= John Walch =

American dramatist

John Walch is an American playwright based in New York City.

==Work==
John Walch has written award-winning plays, such as Circumference of A Squirrel, Aisle 17B, and The Rebirth of Beautiful. Other plays include The Dinosaur Within, Jesting with Edged Tools, Craving Gravy, The Elements of Style (an adaptation), as well as numerous collaborations and one-acts.

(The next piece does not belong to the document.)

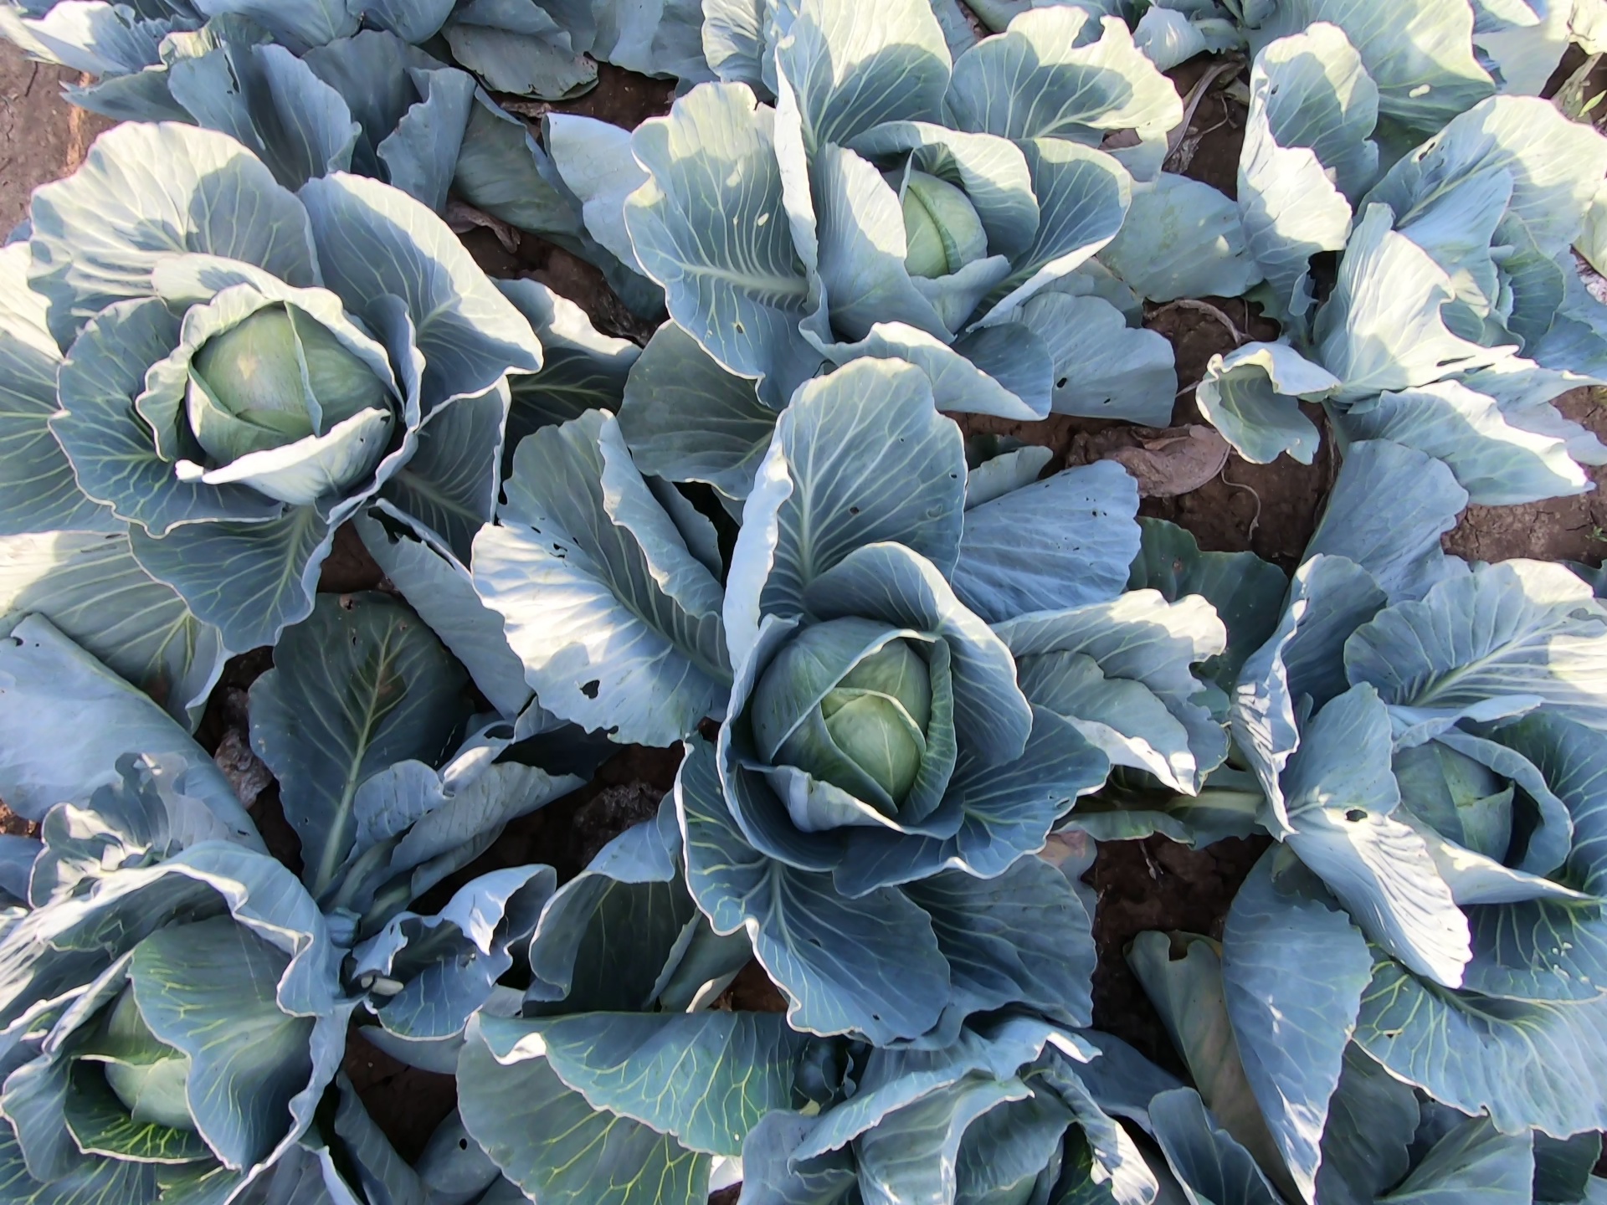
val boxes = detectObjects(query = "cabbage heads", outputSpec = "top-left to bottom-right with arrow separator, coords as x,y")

His plays have been produced at theatres such as The Mark Taper Forum, Actors Theatre of Louisville, Zachary Scott Theatre Center, Playwrights Theatre of New Jersey, the State Theater, PACA (Performing Artists Collective Alliance) Erie, Pa, Kitchen Dog Theatre, and off-Broadway at Urban Stages; and they have been developed through the Public Theater New Works Now, Manhattan Theatre Club, A.S.K. Theatre Projects, Shenandoah International Playwright's Retreat, The Playwrights' Center of Minneapolis/PlayLabs, WordBRIDGE, the Mark Taper Forum, and the Theatre Royal Haymarket in London.

==Recognition==
Walch received a Kennedy Center Fund for New American Plays award for The Dinosaur Within; the Marc Klein Playwriting Award for Jesting with Edged Tools; three Austin Critics Table Awards for "Best Original Script" for Craving Gravy, Circumference of a Squirrel, and The Dinosaur Within; the James Michener Fellowship from the Michener Center for Writers at University of Texas, where he earned his MFA in Playwriting; the 2003 Osborn Award from the American Theatre Critics Association, recognizing an emerging American playwright; and the Charlotte Woolard Award from the Kennedy Center, recognizing a promising new voice in the American theatre. He served as artistic director of Austin Script Works and has taught playwriting at the University of Texas at Austin and the University of Iowa.

Commissions include: Manhattan Theatre Club, where he was an Alfred P. Sloan playwriting fellow, The Playwrights' Center of Minneapolis, and Actors Theatre of Louisville. Mr. Walch currently lives in Fayetteville, Arkansas and is at work on the book for a musical.